What this task involves => Copy the opening lines of the listing exactly, through and including the line with "In plain terms, the"; do not copy any pictures.

Supplied entries =>

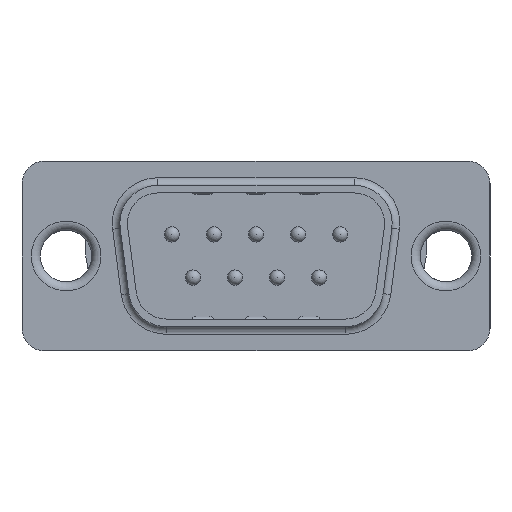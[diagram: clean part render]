
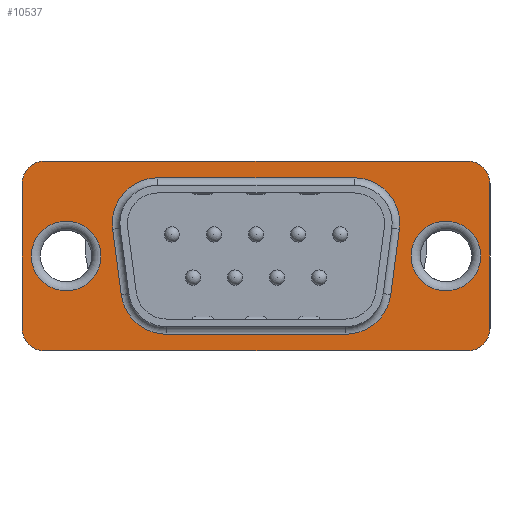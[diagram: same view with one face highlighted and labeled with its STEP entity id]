
A CAD part, front view. The second image highlights one B-rep face of the part: STEP entity #10537.
In plain terms, the highlighted face is planar.
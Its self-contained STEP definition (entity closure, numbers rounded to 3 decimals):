
#728=LINE('',#16137,#1982);
#730=LINE('',#16141,#1984);
#736=LINE('',#16155,#1990);
#740=LINE('',#16164,#1994);
#746=LINE('',#16197,#2000);
#747=LINE('',#16202,#2001);
#748=LINE('',#16206,#2002);
#749=LINE('',#16210,#2003);
#1982=VECTOR('',#13062,1000.);
#1984=VECTOR('',#13066,1000.);
#1990=VECTOR('',#13074,1000.);
#1994=VECTOR('',#13080,1000.);
#2000=VECTOR('',#13114,1000.);
#2001=VECTOR('',#13117,1000.);
#2002=VECTOR('',#13120,1000.);
#2003=VECTOR('',#13123,1000.);
#2867=PLANE('',#11388);
#4290=ORIENTED_EDGE('',*,*,#6764,.T.);
#4291=ORIENTED_EDGE('',*,*,#6765,.T.);
#4292=ORIENTED_EDGE('',*,*,#6766,.T.);
#4293=ORIENTED_EDGE('',*,*,#6767,.T.);
#4294=ORIENTED_EDGE('',*,*,#6768,.T.);
#4295=ORIENTED_EDGE('',*,*,#6769,.T.);
#4296=ORIENTED_EDGE('',*,*,#6770,.T.);
#4297=ORIENTED_EDGE('',*,*,#6771,.T.);
#4298=ORIENTED_EDGE('',*,*,#6772,.T.);
#4299=ORIENTED_EDGE('',*,*,#6773,.T.);
#4300=ORIENTED_EDGE('',*,*,#6736,.T.);
#4301=ORIENTED_EDGE('',*,*,#6774,.T.);
#4302=ORIENTED_EDGE('',*,*,#6738,.T.);
#4303=ORIENTED_EDGE('',*,*,#6775,.T.);
#4304=ORIENTED_EDGE('',*,*,#6744,.T.);
#4305=ORIENTED_EDGE('',*,*,#6776,.T.);
#4306=ORIENTED_EDGE('',*,*,#6748,.T.);
#4307=ORIENTED_EDGE('',*,*,#6777,.T.);
#6736=EDGE_CURVE('',#8079,#8078,#728,.T.);
#6738=EDGE_CURVE('',#8080,#8081,#730,.T.);
#6744=EDGE_CURVE('',#8087,#8086,#736,.T.);
#6748=EDGE_CURVE('',#8091,#8090,#740,.T.);
#6764=EDGE_CURVE('',#8102,#8102,#8731,.F.);
#6765=EDGE_CURVE('',#8103,#8103,#8732,.F.);
#6766=EDGE_CURVE('',#8104,#8105,#746,.F.);
#6767=EDGE_CURVE('',#8105,#8106,#8733,.F.);
#6768=EDGE_CURVE('',#8106,#8107,#747,.F.);
#6769=EDGE_CURVE('',#8107,#8108,#8734,.F.);
#6770=EDGE_CURVE('',#8108,#8109,#748,.F.);
#6771=EDGE_CURVE('',#8109,#8110,#8735,.F.);
#6772=EDGE_CURVE('',#8110,#8111,#749,.F.);
#6773=EDGE_CURVE('',#8111,#8104,#8736,.F.);
#6774=EDGE_CURVE('',#8078,#8080,#8737,.T.);
#6775=EDGE_CURVE('',#8081,#8087,#8738,.T.);
#6776=EDGE_CURVE('',#8086,#8091,#8739,.T.);
#6777=EDGE_CURVE('',#8090,#8079,#8740,.T.);
#8078=VERTEX_POINT('',#16136);
#8079=VERTEX_POINT('',#16138);
#8080=VERTEX_POINT('',#16142);
#8081=VERTEX_POINT('',#16143);
#8086=VERTEX_POINT('',#16154);
#8087=VERTEX_POINT('',#16156);
#8090=VERTEX_POINT('',#16163);
#8091=VERTEX_POINT('',#16165);
#8102=VERTEX_POINT('',#16194);
#8103=VERTEX_POINT('',#16196);
#8104=VERTEX_POINT('',#16198);
#8105=VERTEX_POINT('',#16199);
#8106=VERTEX_POINT('',#16201);
#8107=VERTEX_POINT('',#16203);
#8108=VERTEX_POINT('',#16205);
#8109=VERTEX_POINT('',#16207);
#8110=VERTEX_POINT('',#16209);
#8111=VERTEX_POINT('',#16211);
#8731=CIRCLE('',#11389,2.292);
#8732=CIRCLE('',#11390,2.292);
#8733=CIRCLE('',#11391,3.);
#8734=CIRCLE('',#11392,3.);
#8735=CIRCLE('',#11393,3.);
#8736=CIRCLE('',#11394,3.);
#8737=CIRCLE('',#11395,1.5);
#8738=CIRCLE('',#11396,1.5);
#8739=CIRCLE('',#11397,1.5);
#8740=CIRCLE('',#11398,1.5);
#9182=EDGE_LOOP('',(#4290));
#9183=EDGE_LOOP('',(#4291));
#9184=EDGE_LOOP('',(#4292,#4293,#4294,#4295,#4296,#4297,#4298,#4299));
#9185=EDGE_LOOP('',(#4300,#4301,#4302,#4303,#4304,#4305,#4306,#4307));
#9818=FACE_BOUND('',#9182,.T.);
#9819=FACE_BOUND('',#9183,.T.);
#9820=FACE_BOUND('',#9184,.T.);
#9821=FACE_BOUND('',#9185,.T.);
#10537=ADVANCED_FACE('',(#9818,#9819,#9820,#9821),#2867,.T.);
#11388=AXIS2_PLACEMENT_3D('',#16192,#13108,#13109);
#11389=AXIS2_PLACEMENT_3D('',#16193,#13110,#13111);
#11390=AXIS2_PLACEMENT_3D('',#16195,#13112,#13113);
#11391=AXIS2_PLACEMENT_3D('',#16200,#13115,#13116);
#11392=AXIS2_PLACEMENT_3D('',#16204,#13118,#13119);
#11393=AXIS2_PLACEMENT_3D('',#16208,#13121,#13122);
#11394=AXIS2_PLACEMENT_3D('',#16212,#13124,#13125);
#11395=AXIS2_PLACEMENT_3D('',#16213,#13126,#13127);
#11396=AXIS2_PLACEMENT_3D('',#16214,#13128,#13129);
#11397=AXIS2_PLACEMENT_3D('',#16215,#13130,#13131);
#11398=AXIS2_PLACEMENT_3D('',#16216,#13132,#13133);
#13062=DIRECTION('',(0.,0.,1.));
#13066=DIRECTION('',(1.,0.,0.));
#13074=DIRECTION('',(0.,0.,-1.));
#13080=DIRECTION('',(-1.,0.,0.));
#13108=DIRECTION('',(0.,1.,0.));
#13109=DIRECTION('',(0.,0.,1.));
#13110=DIRECTION('',(0.,1.,0.));
#13111=DIRECTION('',(0.,0.,1.));
#13112=DIRECTION('',(0.,1.,0.));
#13113=DIRECTION('',(0.,0.,1.));
#13114=DIRECTION('',(-0.131,0.,0.991));
#13115=DIRECTION('',(0.,1.,0.));
#13116=DIRECTION('',(0.,0.,1.));
#13117=DIRECTION('',(-1.,0.,0.));
#13118=DIRECTION('',(0.,1.,0.));
#13119=DIRECTION('',(0.,0.,1.));
#13120=DIRECTION('',(-0.131,0.,-0.991));
#13121=DIRECTION('',(0.,1.,0.));
#13122=DIRECTION('',(0.,0.,1.));
#13123=DIRECTION('',(1.,0.,0.));
#13124=DIRECTION('',(0.,1.,0.));
#13125=DIRECTION('',(0.,0.,1.));
#13126=DIRECTION('',(0.,1.,0.));
#13127=DIRECTION('',(0.,0.,1.));
#13128=DIRECTION('',(0.,1.,0.));
#13129=DIRECTION('',(0.,0.,1.));
#13130=DIRECTION('',(0.,1.,0.));
#13131=DIRECTION('',(0.,0.,1.));
#13132=DIRECTION('',(0.,1.,0.));
#13133=DIRECTION('',(0.,0.,1.));
#16136=CARTESIAN_POINT('',(-15.4,0.,4.75));
#16137=CARTESIAN_POINT('',(-15.4,0.,-6.25));
#16138=CARTESIAN_POINT('',(-15.4,0.,-4.75));
#16141=CARTESIAN_POINT('',(-15.4,0.,6.25));
#16142=CARTESIAN_POINT('',(-13.9,0.,6.25));
#16143=CARTESIAN_POINT('',(13.9,0.,6.25));
#16154=CARTESIAN_POINT('',(15.4,0.,-4.75));
#16155=CARTESIAN_POINT('',(15.4,0.,6.25));
#16156=CARTESIAN_POINT('',(15.4,0.,4.75));
#16163=CARTESIAN_POINT('',(-13.9,0.,-6.25));
#16164=CARTESIAN_POINT('',(15.4,0.,-6.25));
#16165=CARTESIAN_POINT('',(13.9,0.,-6.25));
#16192=CARTESIAN_POINT('',(0.,0.,0.));
#16193=CARTESIAN_POINT('',(-12.495,0.,0.));
#16194=CARTESIAN_POINT('',(-12.495,0.,2.292));
#16195=CARTESIAN_POINT('',(12.495,0.,0.));
#16196=CARTESIAN_POINT('',(12.495,0.,2.292));
#16197=CARTESIAN_POINT('',(-8.868,0.,-2.542));
#16198=CARTESIAN_POINT('',(-9.434,0.,1.758));
#16199=CARTESIAN_POINT('',(-8.868,0.,-2.542));
#16200=CARTESIAN_POINT('',(-5.894,0.,-2.15));
#16201=CARTESIAN_POINT('',(-5.894,0.,-5.15));
#16202=CARTESIAN_POINT('',(5.894,0.,-5.15));
#16203=CARTESIAN_POINT('',(5.894,0.,-5.15));
#16204=CARTESIAN_POINT('',(5.894,0.,-2.15));
#16205=CARTESIAN_POINT('',(8.868,0.,-2.542));
#16206=CARTESIAN_POINT('',(9.434,0.,1.758));
#16207=CARTESIAN_POINT('',(9.434,0.,1.758));
#16208=CARTESIAN_POINT('',(6.46,0.,2.15));
#16209=CARTESIAN_POINT('',(6.46,0.,5.15));
#16210=CARTESIAN_POINT('',(-6.46,0.,5.15));
#16211=CARTESIAN_POINT('',(-6.46,0.,5.15));
#16212=CARTESIAN_POINT('',(-6.46,0.,2.15));
#16213=CARTESIAN_POINT('',(-13.9,0.,4.75));
#16214=CARTESIAN_POINT('',(13.9,0.,4.75));
#16215=CARTESIAN_POINT('',(13.9,0.,-4.75));
#16216=CARTESIAN_POINT('',(-13.9,0.,-4.75));

Worked solution =>
[diagram: clean part render]
[diagram: same view with one face highlighted and labeled with its STEP entity id]
A CAD part, front view. The second image highlights one B-rep face of the part: STEP entity #10537.
In plain terms, the highlighted face is planar.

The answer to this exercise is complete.